Using a breadth-first approach would identify quick win solutions and eliminate non-viable options quickly allowing the model to run a series of options at high speed. 

Potentially, two or more models could run options for all participant parties analysing their options and utilizing their constraints and goals to determine their possible courses of action (CoA).

Conclusion and Next Steps

The fundamental limitations of the available data and architecture of existing LLMs indicates that the Domain Specific Paradox will remain for some time. A breakthrough in common sense training of AIs would overcome this limitation but, in the meantime, subject-matter-experts in narrow domains who wish to use AI to enhance their creative decision-making should recognize these limitations and use AI with care. 

However, the chaining, enhanced RAG and maze running techniques offer promise to overcome these limitations and are with further exploration.

Exhibit - Differentiating Pattern Matching from Creative Analysis

A legal example helps illustrate the difference between these two use cases which can appear similar but are very different.

High-Domain-Specificity / High Complexity

US legislation and case-law are well recorded and clearly structured, making these excellent training materials for an LLM. The resultant model will perform well with pattern-based tasks such as researching similar cases,and creating basic briefs using a standard template, in addition to general LLM tasks such as summarizing.

High-Domain-Specificity / High Creativity

Conducting a series of negotiations or designing a case strategy are informed by the law but require high levels of System II (experiential) thinking, emotional intelligence, creativity, adaptability and innovation. 

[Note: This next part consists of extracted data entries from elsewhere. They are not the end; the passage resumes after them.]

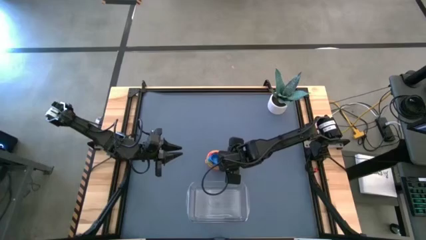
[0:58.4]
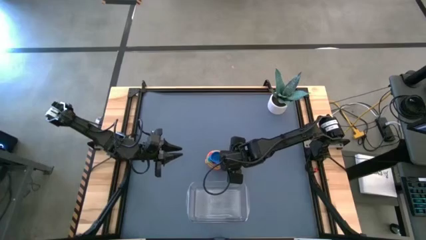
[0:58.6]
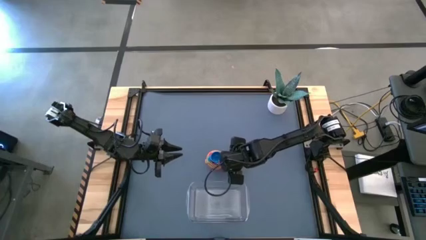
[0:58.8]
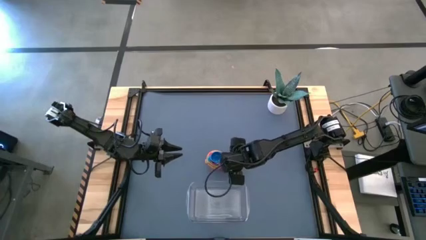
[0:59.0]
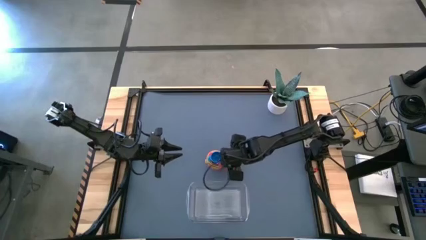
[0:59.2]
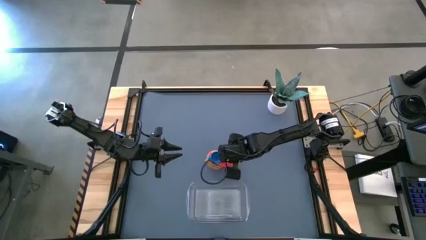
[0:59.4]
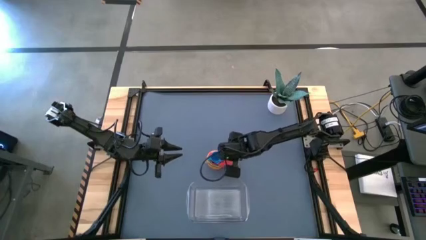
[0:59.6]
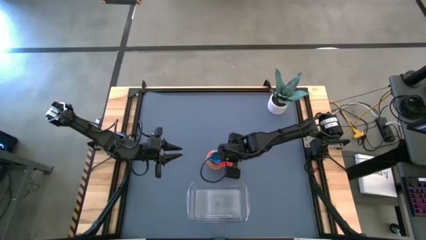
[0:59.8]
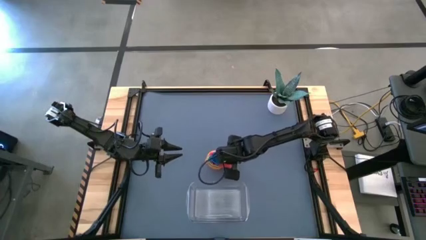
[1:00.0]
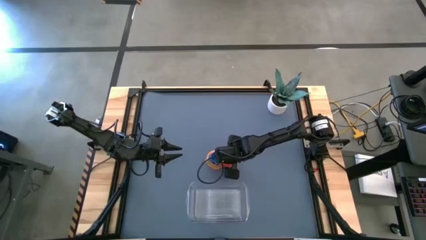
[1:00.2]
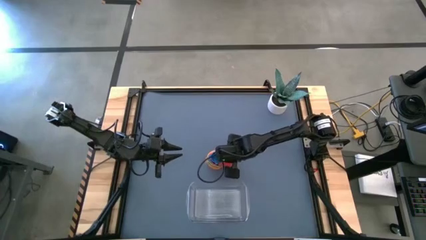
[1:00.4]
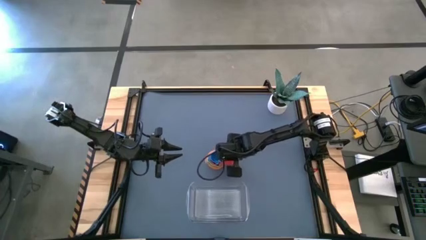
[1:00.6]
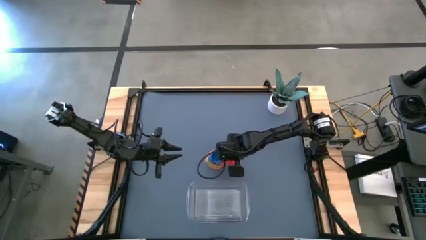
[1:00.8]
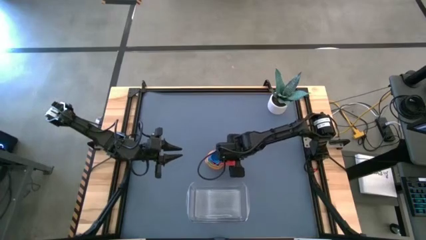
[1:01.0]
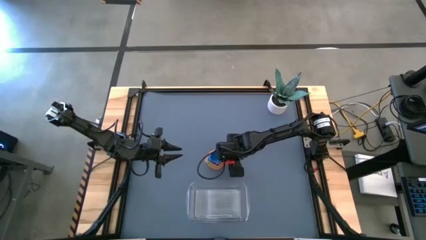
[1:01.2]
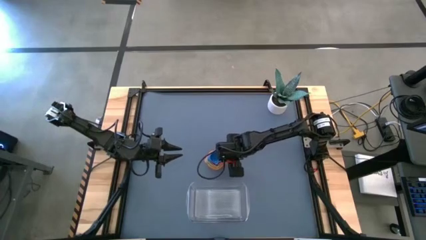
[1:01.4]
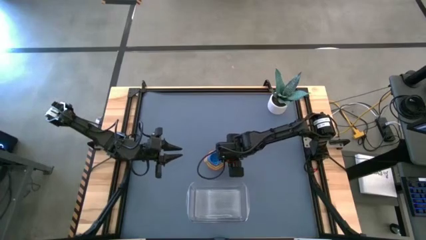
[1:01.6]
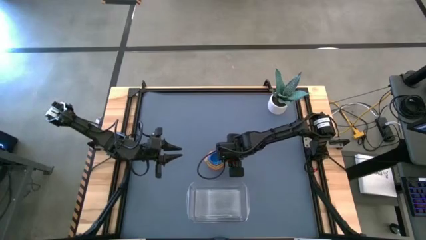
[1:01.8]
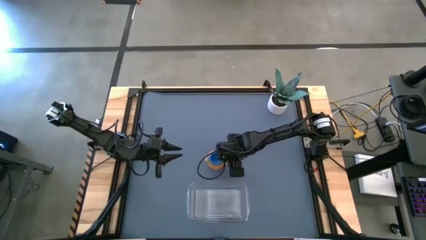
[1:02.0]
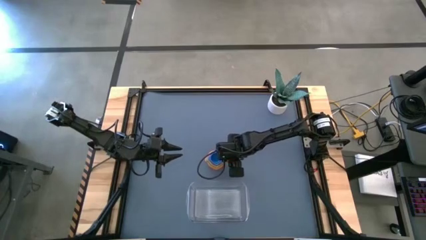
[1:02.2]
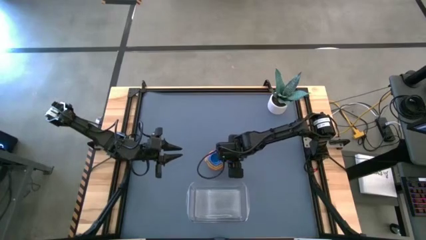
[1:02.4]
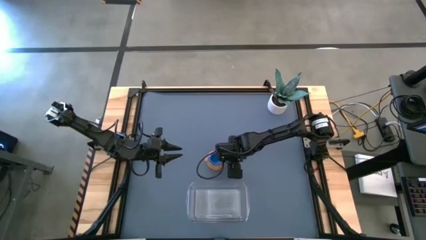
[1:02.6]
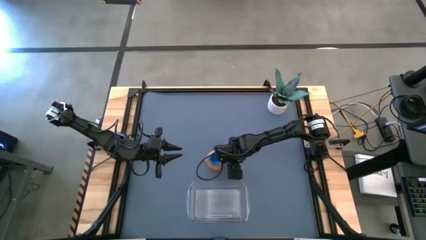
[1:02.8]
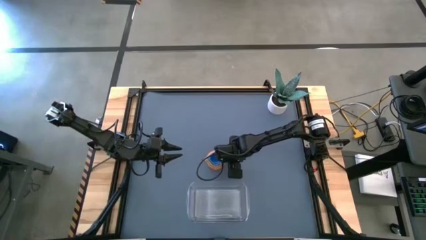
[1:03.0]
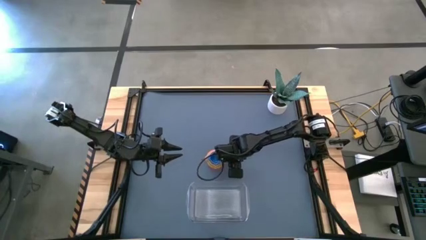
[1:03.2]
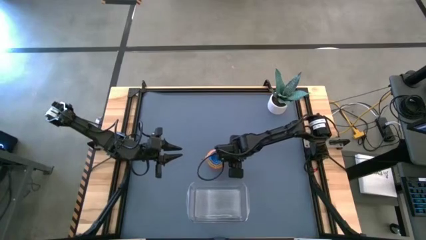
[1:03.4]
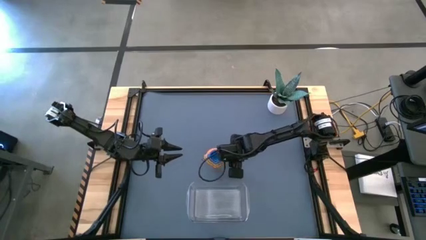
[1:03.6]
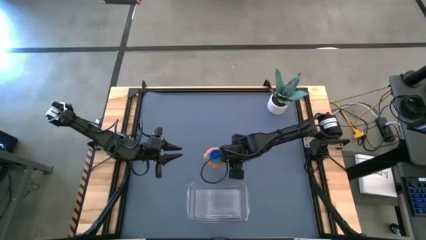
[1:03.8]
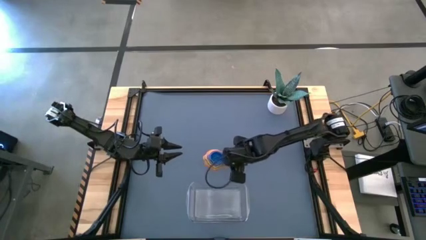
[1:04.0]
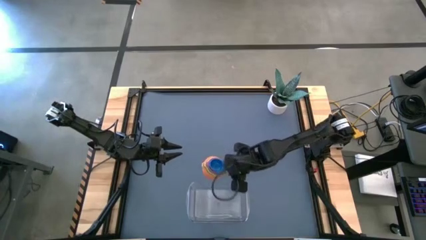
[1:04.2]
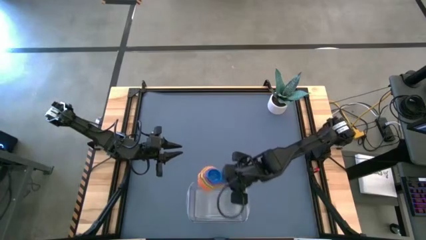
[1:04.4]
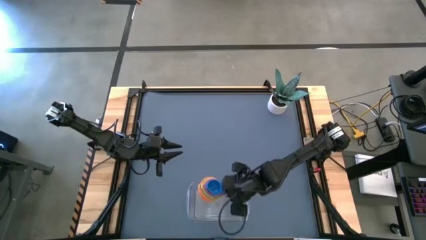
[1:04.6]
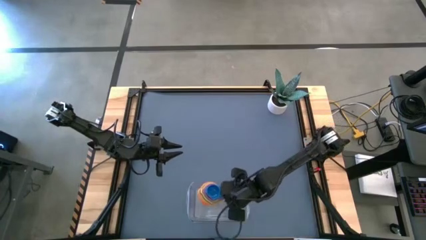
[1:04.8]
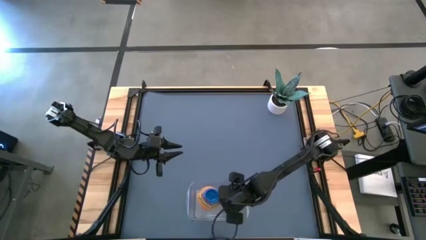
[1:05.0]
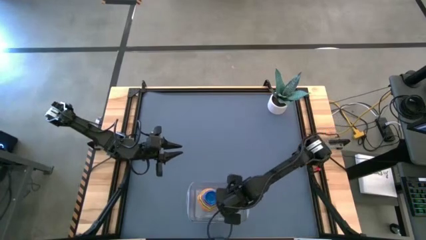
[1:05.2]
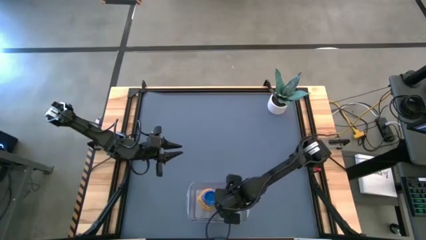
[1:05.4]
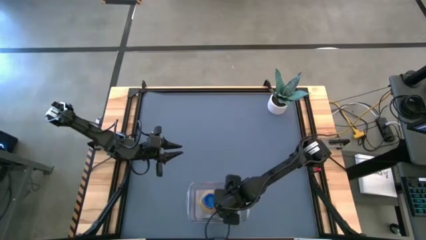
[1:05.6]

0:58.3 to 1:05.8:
Task: Nest measuring cups in basket
Put the stacked measuring cups into the transparent bin

An LLM might be able to offer some boilerplate suggestions but will be heavily dependent on a small handful of well-recorded examples, limiting its abilities. Simply adding more case law examples will not overcome this limitation as the deliberation and discussion of the strategy will not be included in these records.

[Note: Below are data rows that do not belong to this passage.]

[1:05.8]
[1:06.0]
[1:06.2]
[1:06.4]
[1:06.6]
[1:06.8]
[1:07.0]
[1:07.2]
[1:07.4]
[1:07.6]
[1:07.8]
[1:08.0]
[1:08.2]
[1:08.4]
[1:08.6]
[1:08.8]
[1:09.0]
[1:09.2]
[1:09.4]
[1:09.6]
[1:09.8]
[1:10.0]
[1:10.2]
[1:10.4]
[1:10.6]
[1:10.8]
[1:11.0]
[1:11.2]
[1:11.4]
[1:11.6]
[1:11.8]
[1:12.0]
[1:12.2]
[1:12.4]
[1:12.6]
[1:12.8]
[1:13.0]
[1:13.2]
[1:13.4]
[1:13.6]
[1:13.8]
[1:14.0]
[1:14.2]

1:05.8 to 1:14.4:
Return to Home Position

Fine-Tuning and RAG Augmentation

  • Fine-tuning: Potential for adjusting basic domain understanding

  • RAG (Retrieval-Augmented Generation): Essential for maintaining current knowledge and cited sources

  • Hybrid approaches: Combining multiple techniques for enhanced reliability

Architectural Considerations

  • The need for verifiable outputs

  • Integration of rule-based systems

  • Maintenance of clear information provenance

Implementation and Validation

Validation Frameworks

  • Metrics for evaluating analytical reliability

  • Testing methodologies for specialized systems

  • Comparative performance measures

Risk Management

  • Liability considerations in high-stakes analytical decisions

  • Accountability frameworks

  • Audit trails and decision documentation

Implementation Strategy

  • Migration paths from current systems

  • Required organizational capabilities

  • Resource and skill requirements

  • Integration with existing processes

Future Implications

The Domain Speciality Paradox suggests that:

  1. Development of truly expert AI systems may require fundamentally different approaches

  2. Current trends toward larger, more general models may not address specialized analytical needs

  3. Alternative architectures focusing on reliability and verification may be necessary

Looking Forward

The path forward likely involves:

  • Recognition of the limitations of current approaches

  • Development of specialized architectures for analytical work

  • Integration of multiple approaches for different types of tasks

  • Understanding the appropriate role of AI in analytical processes

The future of AI-assisted analysis may not lie in creating ever-larger general models, but in developing specialized systems that can reliably augment human expertise while maintaining verifiable outputs and clear decision trails.